◆ **Exercise goal**: Copy out the data word for word. The images are not part of the copy.

◆ ◆ ◆ ◆ ◆

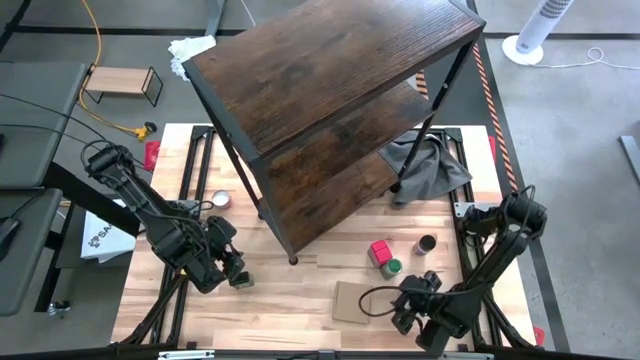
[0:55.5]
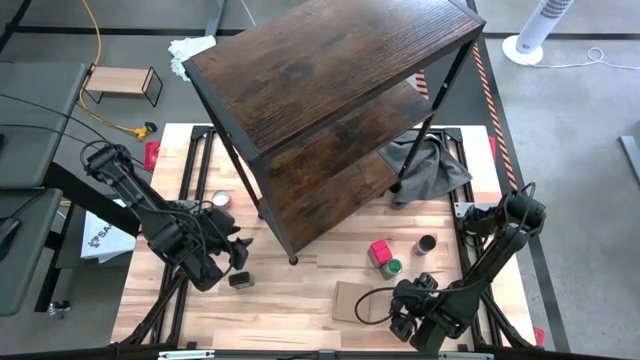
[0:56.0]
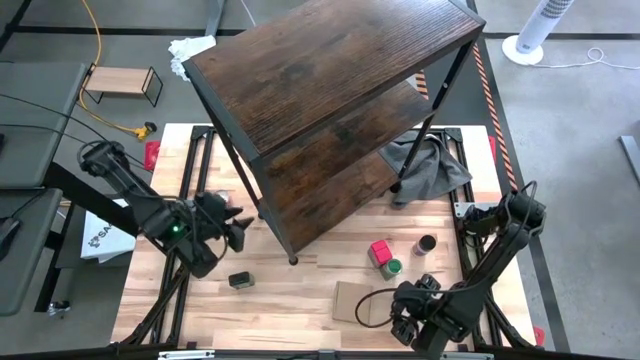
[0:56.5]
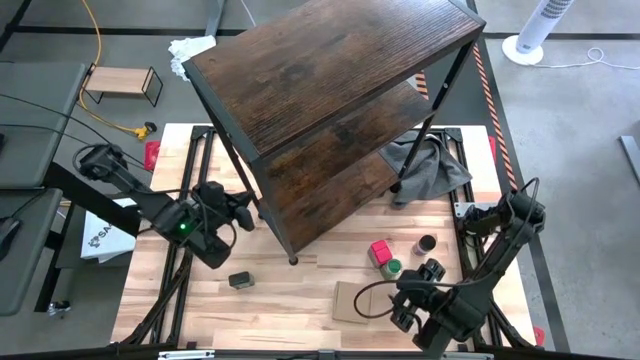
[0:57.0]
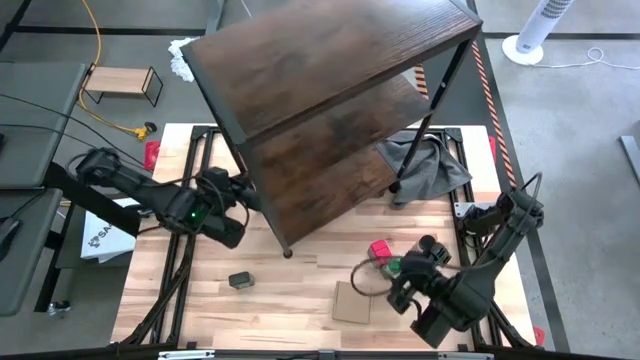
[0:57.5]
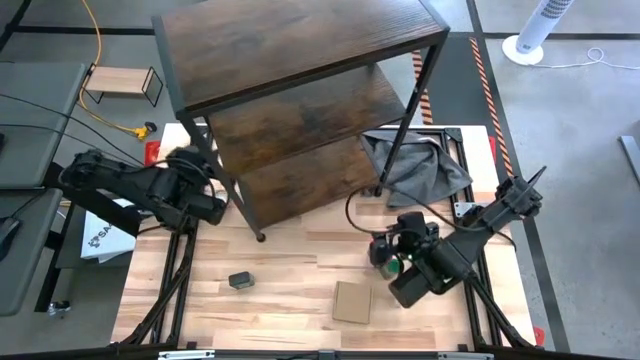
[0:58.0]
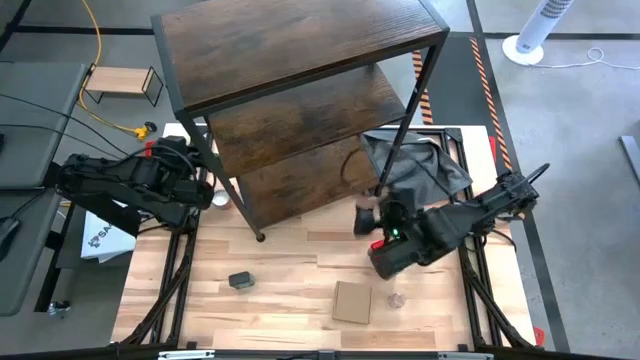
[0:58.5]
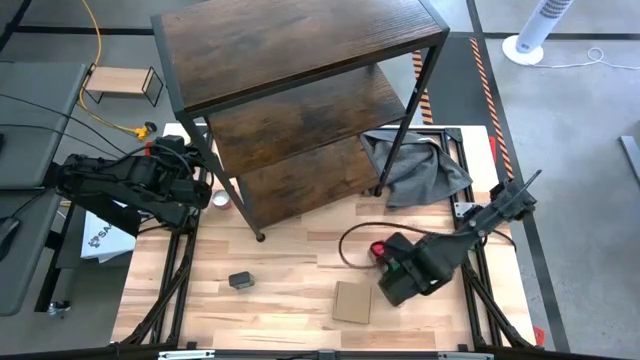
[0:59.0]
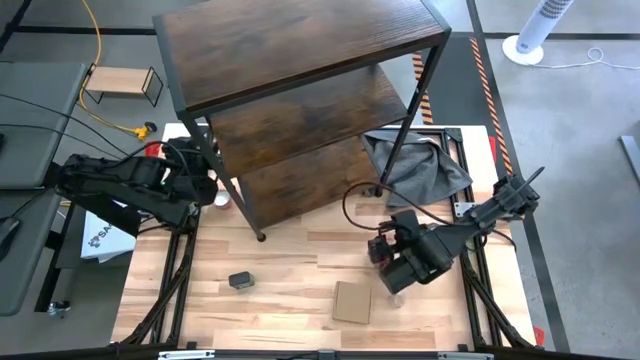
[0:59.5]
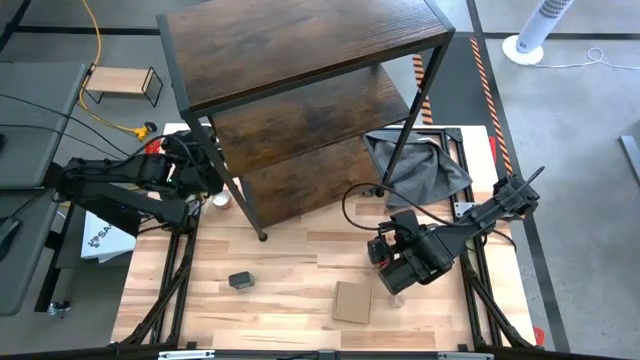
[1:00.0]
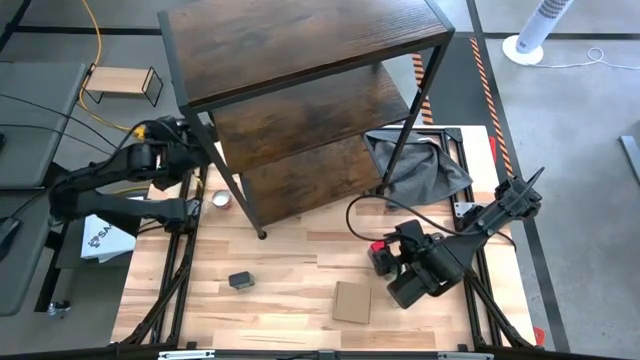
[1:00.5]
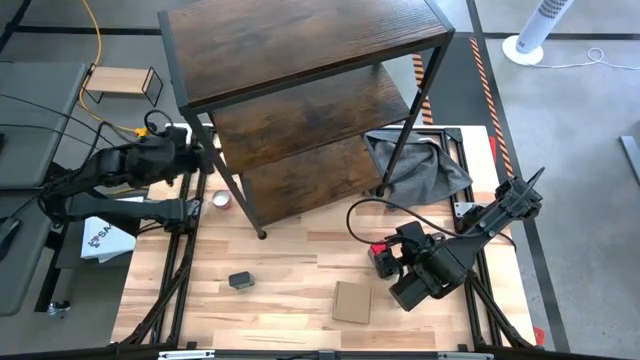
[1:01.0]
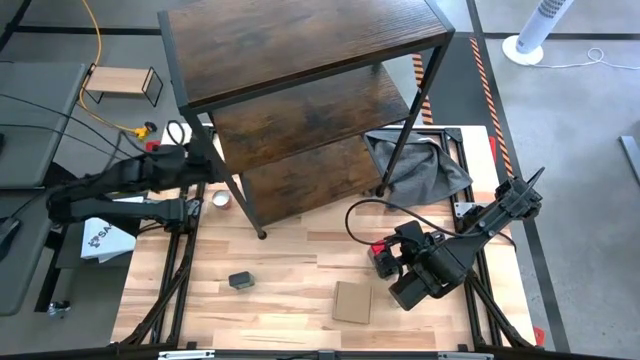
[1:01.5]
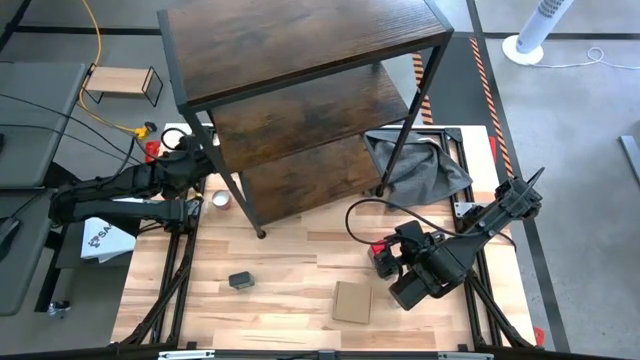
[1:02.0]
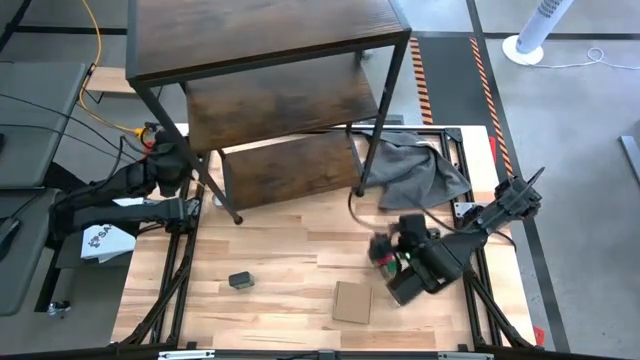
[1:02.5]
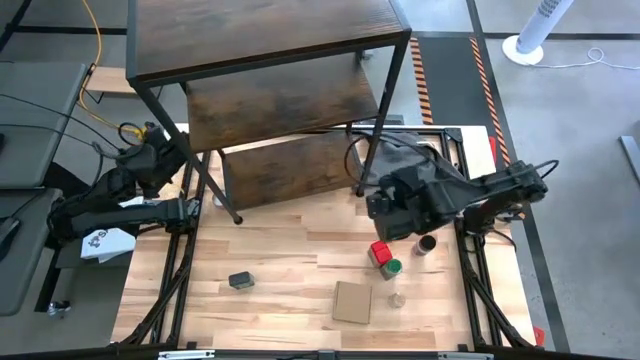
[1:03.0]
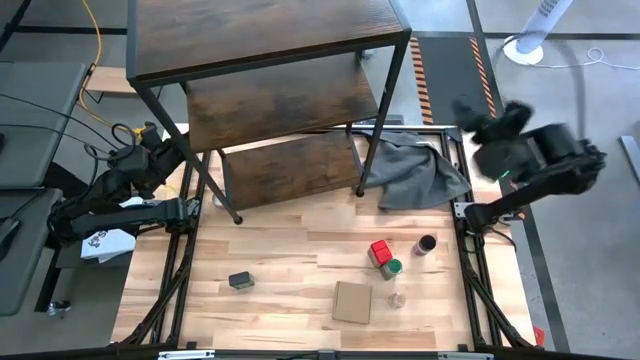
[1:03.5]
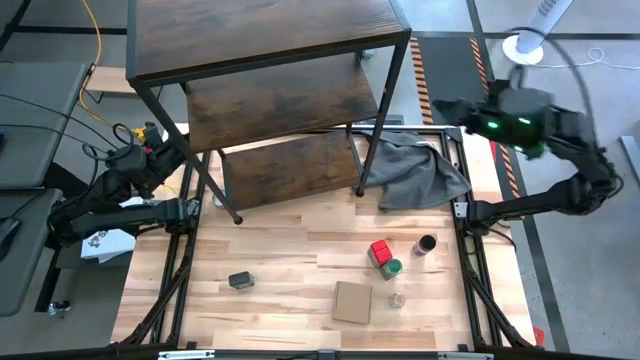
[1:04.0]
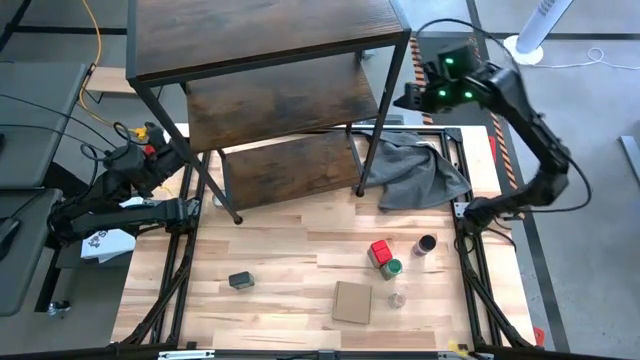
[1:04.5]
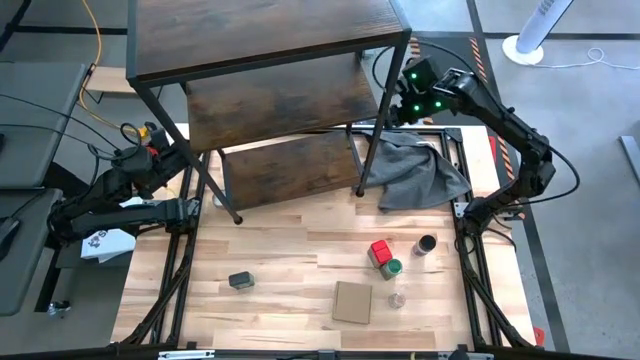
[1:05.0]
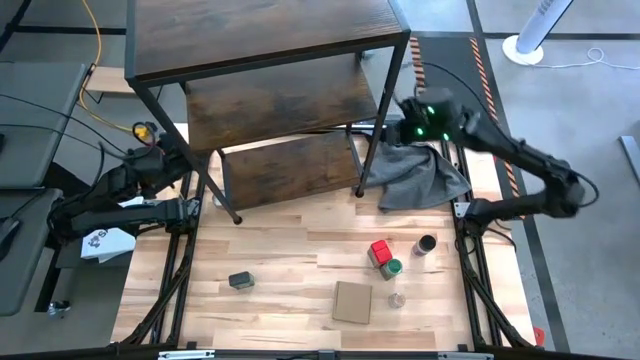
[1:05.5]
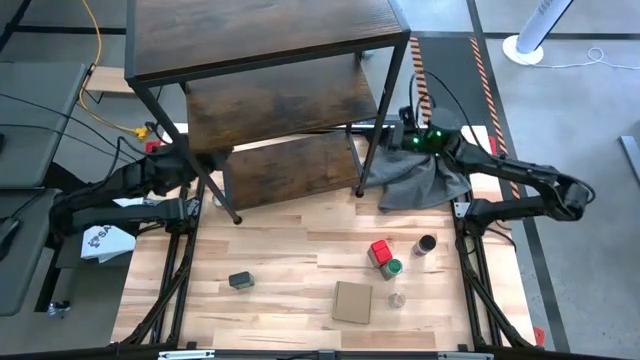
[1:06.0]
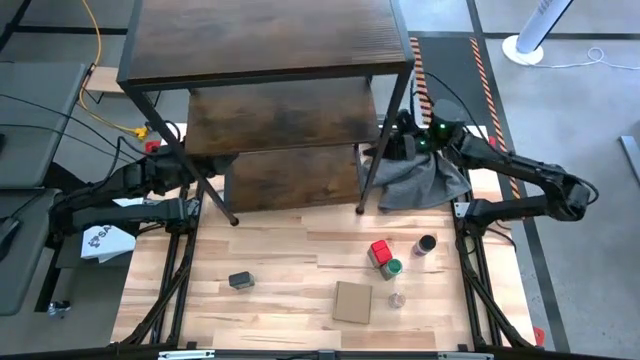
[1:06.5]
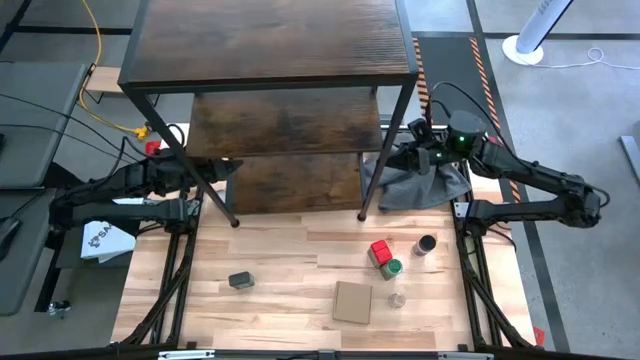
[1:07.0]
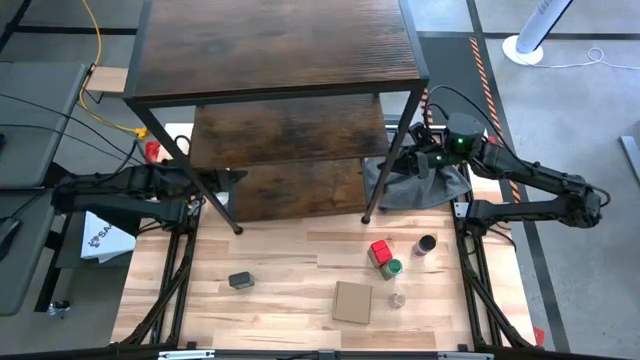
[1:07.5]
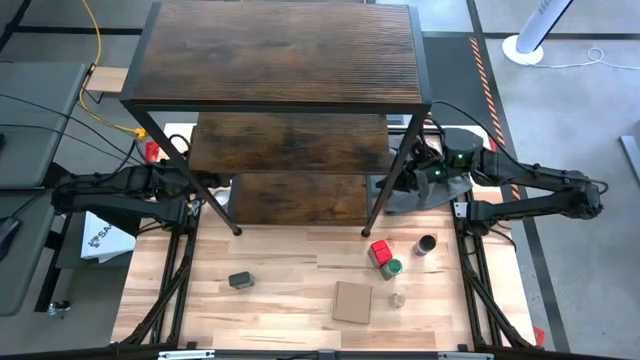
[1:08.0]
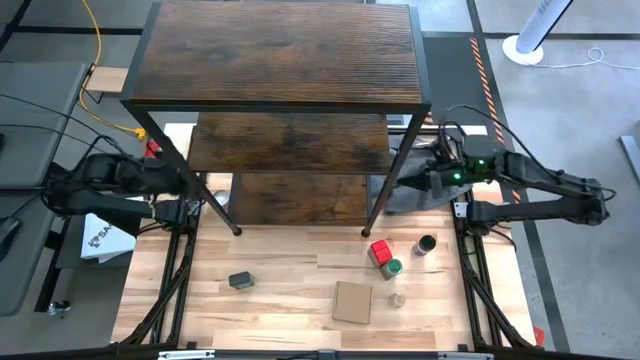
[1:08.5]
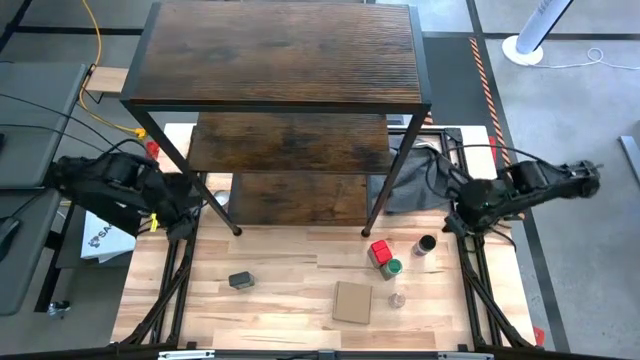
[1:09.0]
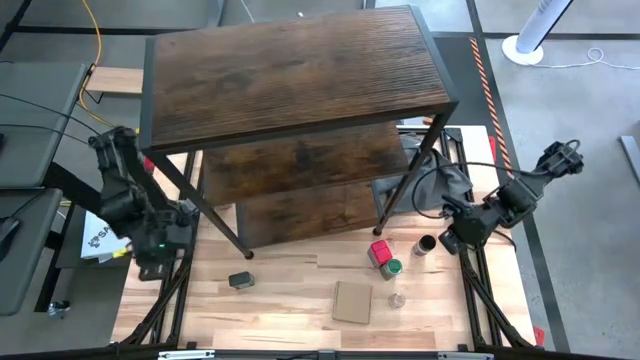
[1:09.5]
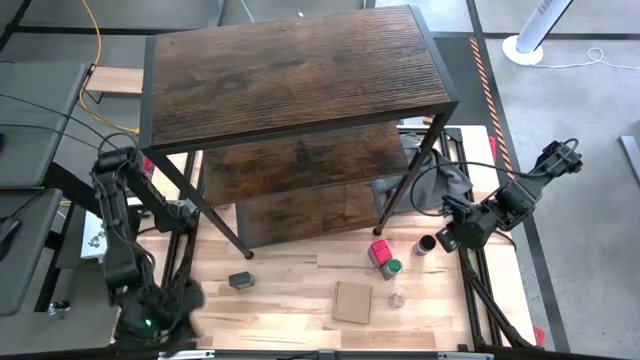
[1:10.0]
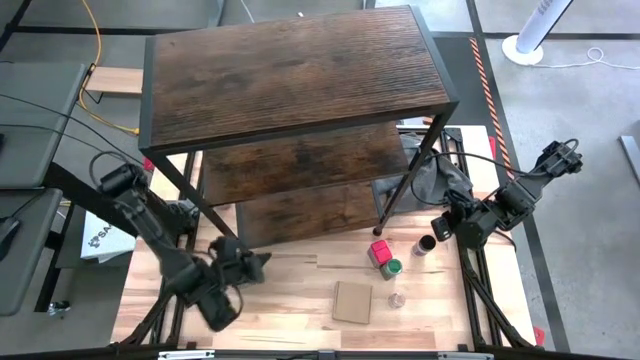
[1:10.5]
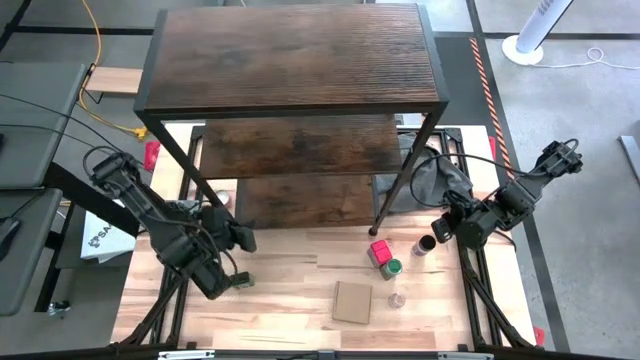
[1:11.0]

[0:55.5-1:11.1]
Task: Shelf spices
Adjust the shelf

◆ ◆ ◆ ◆ ◆

◆ **Result of the exercise**:
[0:55.5]
[0:56.0]
[0:56.5]
[0:57.0]
[0:57.5]
[0:58.0]
[0:58.5]
[0:59.0]
[0:59.5]
[1:00.0]
[1:00.5]
[1:01.0]
[1:01.5]
[1:02.0]
[1:02.5]
[1:03.0]
[1:03.5]
[1:04.0]
[1:04.5]
[1:05.0]
[1:05.5]
[1:06.0]
[1:06.5]
[1:07.0]
[1:07.5]
[1:08.0]
[1:08.5]
[1:09.0]
[1:09.5]
[1:10.0]
[1:10.5]
[1:11.0]

[0:55.5-1:11.1]
Task: Shelf spices
Adjust the shelf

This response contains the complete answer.